Character item helpers:

CallDescription
Owner.hasItem('item name')Whether the character has at least one
Owner.addItem('item name', quantity)Add to inventory (quantity defaults to 1)
Owner.removeItem('item name', quantity)Remove from inventory
Owner.setItem('item name', quantity)Set total quantity (consolidates; 0 removes all)

You can optionally specify inventory component and position: Owner.addItem('item name', quantity, inventoryId, x, y).

Action proxy

Obtained via Owner.Action('action name').

MethodDescription
action.activate()Run the action's on_activate() handler

Example:

Owner.Action('Attack').activate();

Character (Owner) summary

Identity: Owner.name, Owner.title (same as name).

Archetypes: Owner.archetypes (array of names), Owner.hasArchetype('name'), Owner.addArchetype('name'), Owner.removeArchetype('name'), Owner.variant.

Custom properties: Owner.getProperty('name'), Owner.setProperty('name', value).

Sheet: Owner.addPage('label'), Owner.removePage('label'), Owner.navigateToPage('label'), Owner.openWindow('label'), Owner.closeWindow('label').

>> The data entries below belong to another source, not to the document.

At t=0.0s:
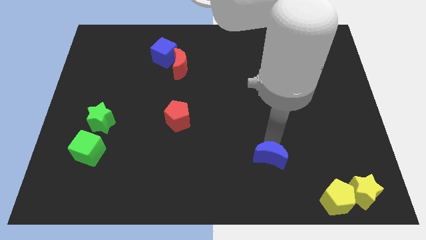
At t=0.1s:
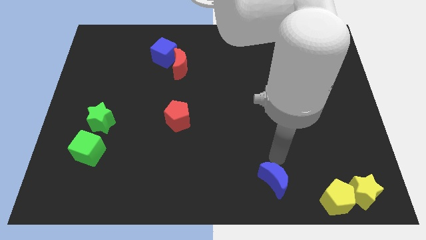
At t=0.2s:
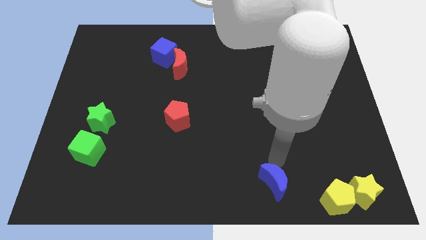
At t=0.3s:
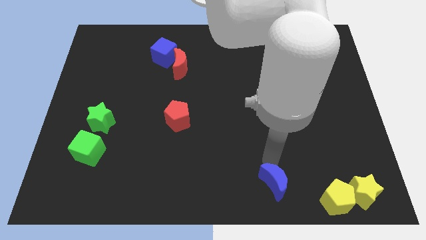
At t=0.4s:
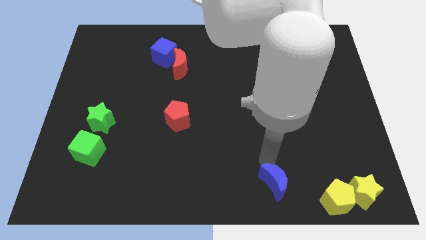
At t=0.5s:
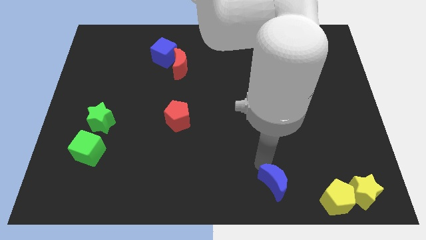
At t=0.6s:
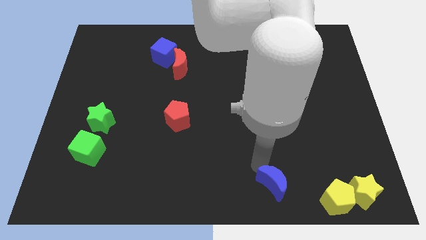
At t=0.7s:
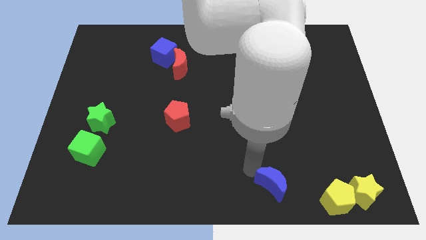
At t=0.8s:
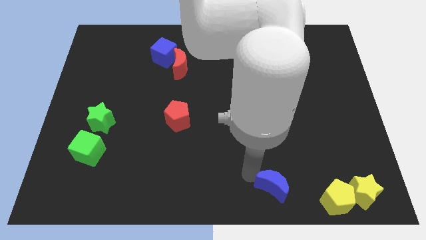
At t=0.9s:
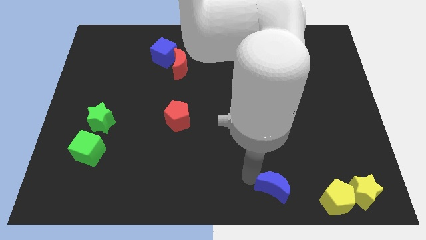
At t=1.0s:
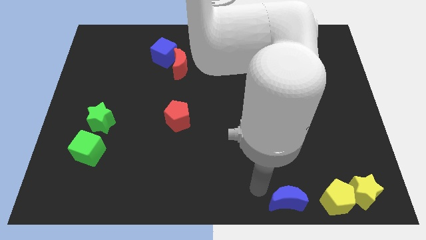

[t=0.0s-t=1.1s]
push the blue crescent to the left of the yellow pentagon

Image: Owner.setImage(urlOrAssetFilename).


Built-in functions

Dice

  • roll(expression, rerollMessage?) — Roll dice (e.g. '1d8', '2d6+4'). Uses the script runner's roll (e.g. dice panel or 3D dice when available). Expression can use {{variable}}. Returns a number. Optional rerollMessage: when provided, this message is shown in a modal with inputs for entering rerolls.
  • rollQuiet(expression) — Same as roll but always uses the default local roll (no UI, no script-runner override). Use for hidden or internal rolls. Returns a number.
  • rollSplit(expression, rerollMessage?) — Like roll but returns an array of individual die values in dice syntax order (e.g. '1d6,2d20'[d6, d20_1, d20_2]). Optional rerollMessage has the same meaning as for roll.

UI and debugging

  • announce(message) — Show a toast notification to the player. Multiple arguments are joined with spaces.
  • log(...) — Send output to the debug console and game log.

Character selection

  • selectCharacter(title?, description?) — Dialog to pick one active character in the Scene. Returns a character accessor or null.
  • selectCharacters(title?, description?) — Dialog to pick one or more active characters in the Scene. Returns an array of character accessors (empty on cancel).

Prompt

  • prompt(msg, choices) — Show a modal with message and choice buttons. Returns the selected choice string.

Comments

// Single-line comment

/*
Multi-line
comment
*/

Quick reference

Ruleset: Ruleset.Chart('chart name'), Ruleset.Attribute('attribute name'), Ruleset.Item('item name'), Ruleset.Action('action name').

Attribute script: Use subscribe(...) and return <value>.

Item events: on_activate, on_equip, on_unequip, on_consume — each handler should end with return.

Archetype events: on_add() and on_remove() — run when the archetype is added to or removed from a character.

Action events: on_activate() and optionally on_deactivate(). Include Target in the signature when the action needs a target character.

Global scripts: Mark a script as global; its variables and functions are available to all other scripts in the ruleset.